Remembering PT-109
A carved walking stick evokes ship commander John F. Kennedy’s dramatic rescue at sea
John F. Kennedy—elected 50 years ago this month—may not have been the most photographed of America’s presidents, but, like Abraham Lincoln, the camera loved him. His enviable thatch of hair and wide smile, plus his chic wife and two adorable children, turned serious photojournalists into dazzled paparazzi.
One of the most compelling Kennedy portraits shows him as a young naval officer, leaning on a cane, his smile giving no indication that he was recovering from serious injuries incurred during a near-fatal ordeal at sea. The fellow officer who took that picture, Ted Robinson, recently donated a rare original print of the image—as well as the ironwood cane he lent the future president during his recovery in the Solomon Islands—to the National Museum of American History.
According to the official Navy report, written shortly after the event by Lt. j.g. Byron White (the future Supreme Court justice), 14 PT boats—three-engine wooden vessels armed with two .50-caliber machine guns and torpedoes—left their Rendova Island base at 6:30 p.m. on August 1, 1943, with the mission of intercepting Japanese ships in the Blackett Strait. The group divided into four squadrons, with PT-109 patrolling near Makuti Island.
One of the boat’s men, Ensign George Ross, was on lookout when, around 2:30 a.m., a Japanese destroyer suddenly loomed off the starboard bow, rammed the 109 and cut it in half. Spilled fuel ignited on the water, causing crews of the other PT boats to assume there had been no survivors. Two crew members were never seen again, but 11 who survived, all wearing life vests, managed to board what was left of PT-109. One had been badly burned and couldn’t swim. Lieutenant Kennedy, who had suffered a ruptured spinal disk in the collision, had swum and towed him to the boat.

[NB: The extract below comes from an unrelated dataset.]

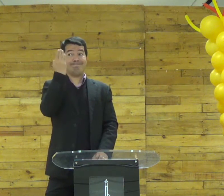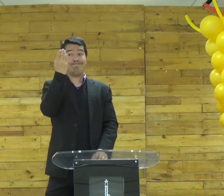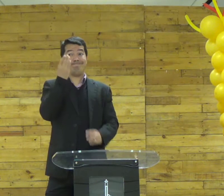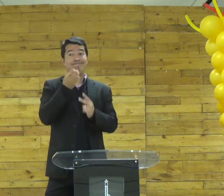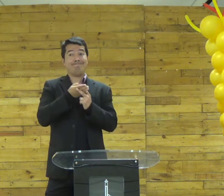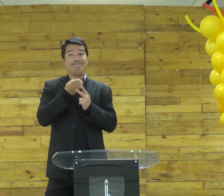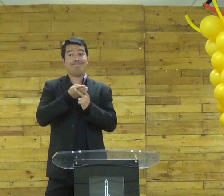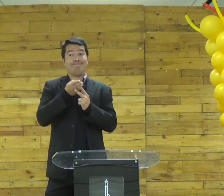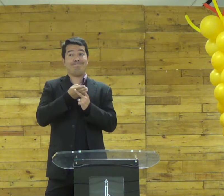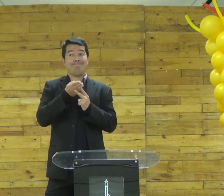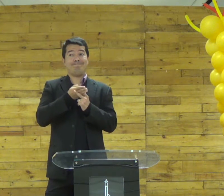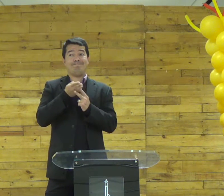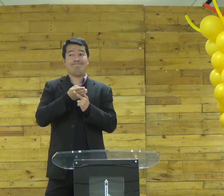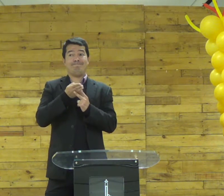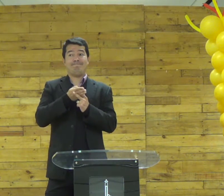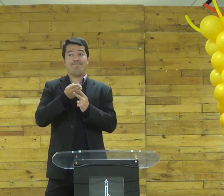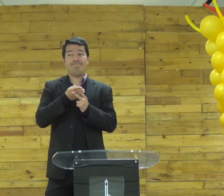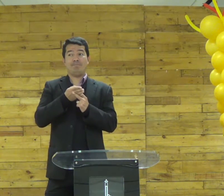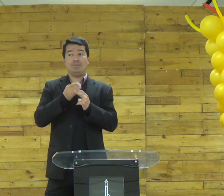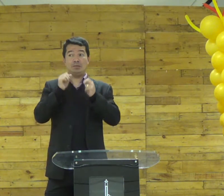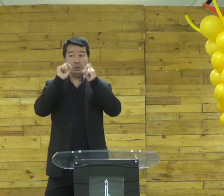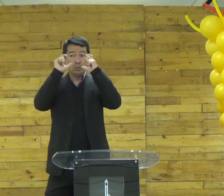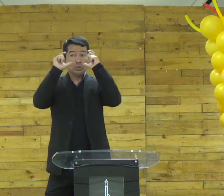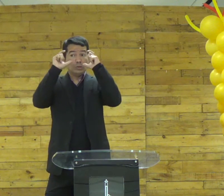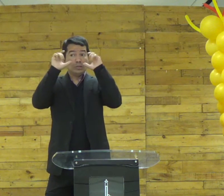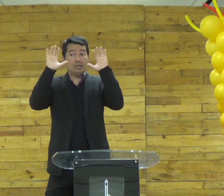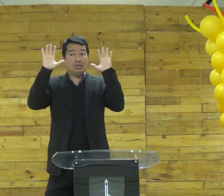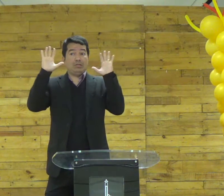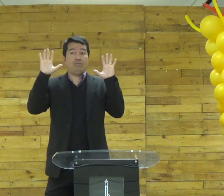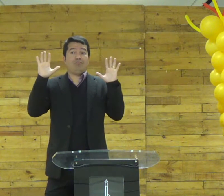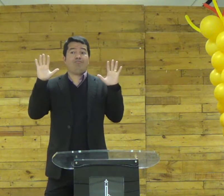mostra isso você acaba sendo uma pessoa falsa presta atenção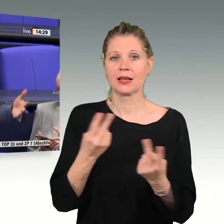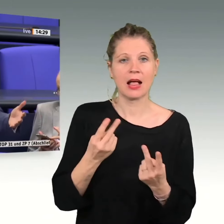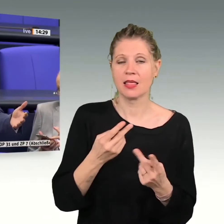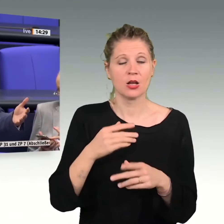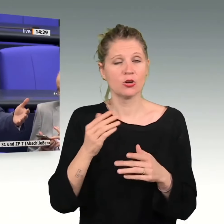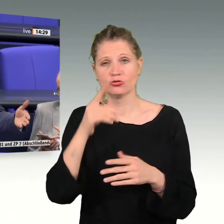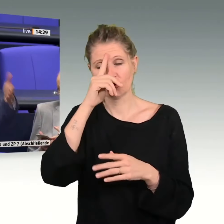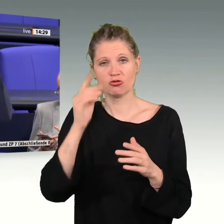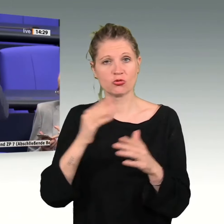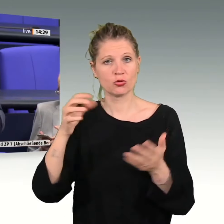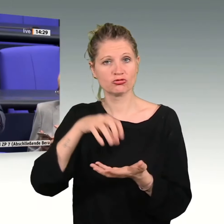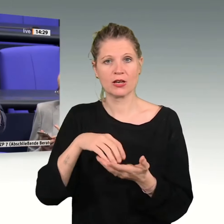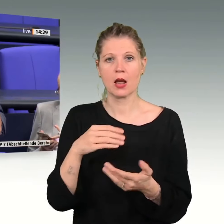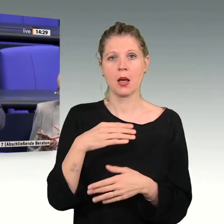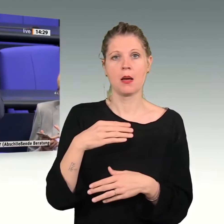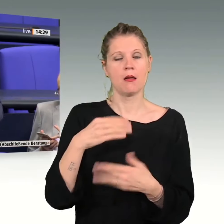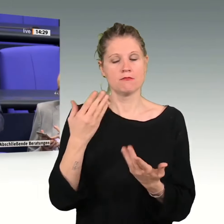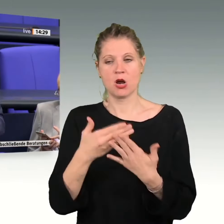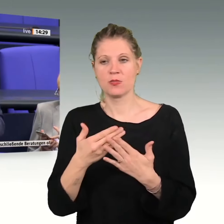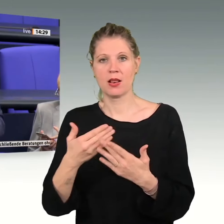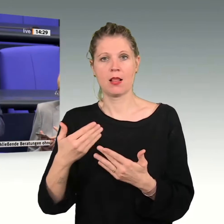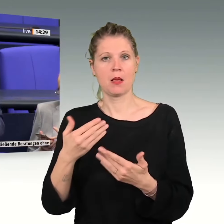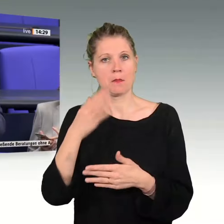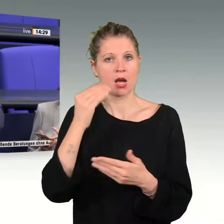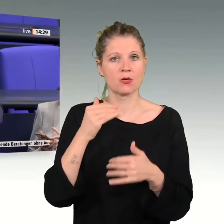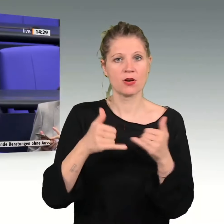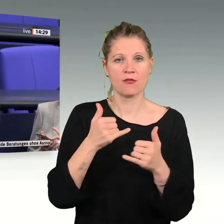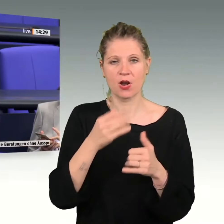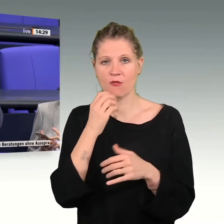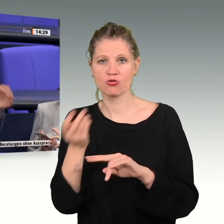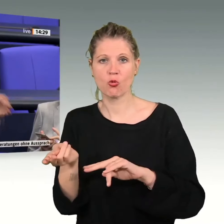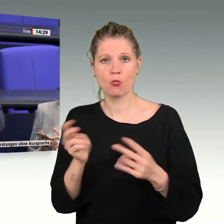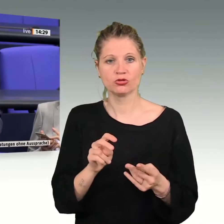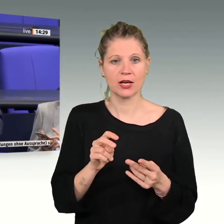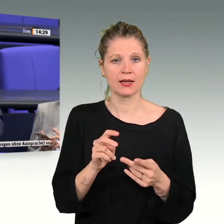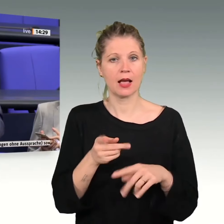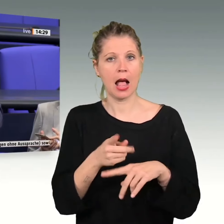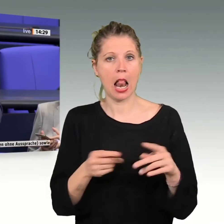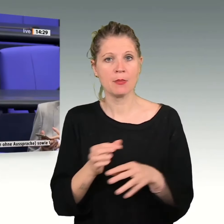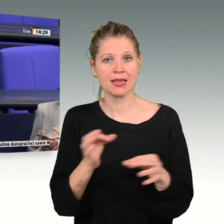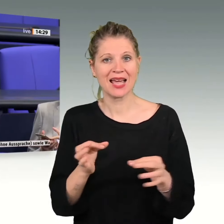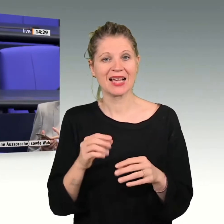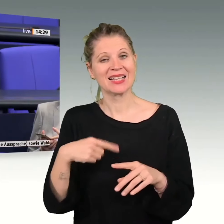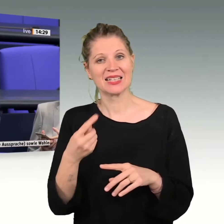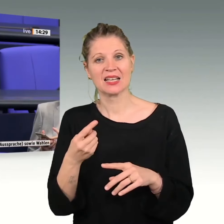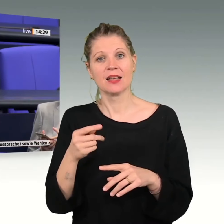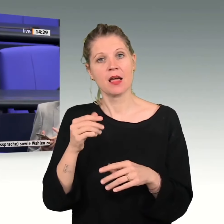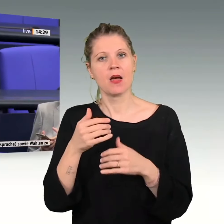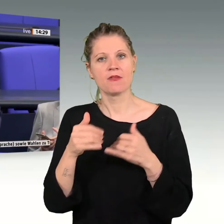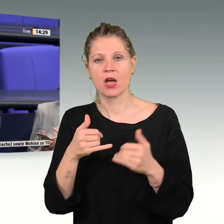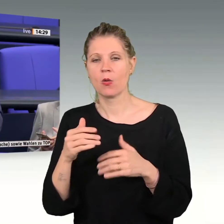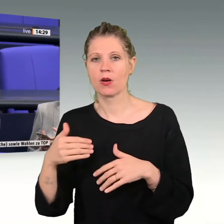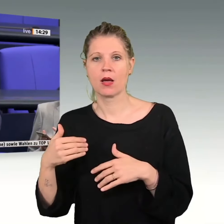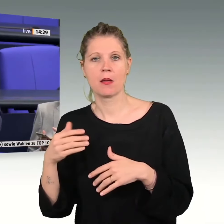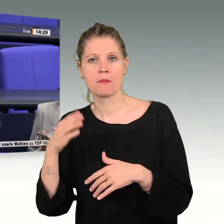Frau entscheidet sich dafür, von halben Tage auf ganze Tage umzusteigen, dann verdient dieser Mann oder diese Frau 32 Euro

By dawn, the men abandoned the sinking vessel. Kennedy decided that they should swim to a coral island—100 yards in diameter with six palm trees—three and a half miles away. Again, Kennedy, who had been on the Harvard swim team, towed his crewmate the whole way. The report states undramatically: “At 1400 [2 p.m.] Lt. Kennedy took the badly burned McMahon in tow and set out for land, intending to lead the way and scout the island.”
For the next two nights, Kennedy—sometimes with Ross, sometimes alone—swam from the island into the strait with a waterproof flashlight, hoping to intercept a U.S. torpedo boat. Battling injuries, exhaustion and strong currents, he saw no patrols. On August 5, Kennedy and Ross swam to a neighboring island and found a canoe, a box of Japanese rice crackers and fresh water. They also saw two islanders paddling away in a canoe. When they returned to the island where the crew waited, they discovered that the two natives had landed and were gathering coconuts for the crew. On display at the Kennedy Library in Boston is the coconut shell on which Kennedy scratched a message: “Nauru Isl commander / native knows posit / he can pilot / 11 alive need small boat / Kennedy.”
Kennedy asked the islanders to take the coconut to the base at Rendova. The next day, eight natives appeared on Kennedy’s island with a message from an Australian coast watcher—a lookout posted on another island—to whom they’d shown the coconut. The islanders took Kennedy by canoe to the scout, Reginald Evans, who radioed Rendova. Again, in the measured words of Byron White: “There it was arranged that PT boats would rendezvous with [Kennedy] in Ferguson Passage that evening at 2230 [10:30]. Accordingly, he was taken to the rendezvous point and finally managed to make contact with the PTs at 2315 [11:15]. He climbed aboard the PT and directed it to the rest of the survivors.” The boat Kennedy climbed aboard was PT-157: Ensign Ted Robinson was in the crew.
Robinson, now 91 and living in Sacramento, California, recalls that he and Kennedy were later tentmates in the Solomons. “His feet were still in bad shape,” Robinson says. “So I loaned him a cane I’d received from a village chief and took his picture.”
Not long after, Robinson adds, Marines were trapped during a raid on Japanese-held Choiseul Island. “They landed on the enemy island in the middle of the night,” he says. “Their commanding officer radioed the next morning that he and his men were surrounded and heavily engaged. The CO who received the message said he’d get them out after dark.” According to Robinson, the Marine responded, “If you can’t come before then, don’t bother coming.”
The CO asked for a volunteer to make a daylight dash to save the Marines. “I wasn’t there,” Robinson told me, “but if I’d been, I’d have hidden behind the biggest palm tree I could find.” But Kennedy volunteered. “With a full load of fuel that would get him there and halfway back to where he could be towed home,” Robinson says, “he took off and got the Marines out.”
Owen Edwards is a freelance writer and author of the book Elegant Solutions.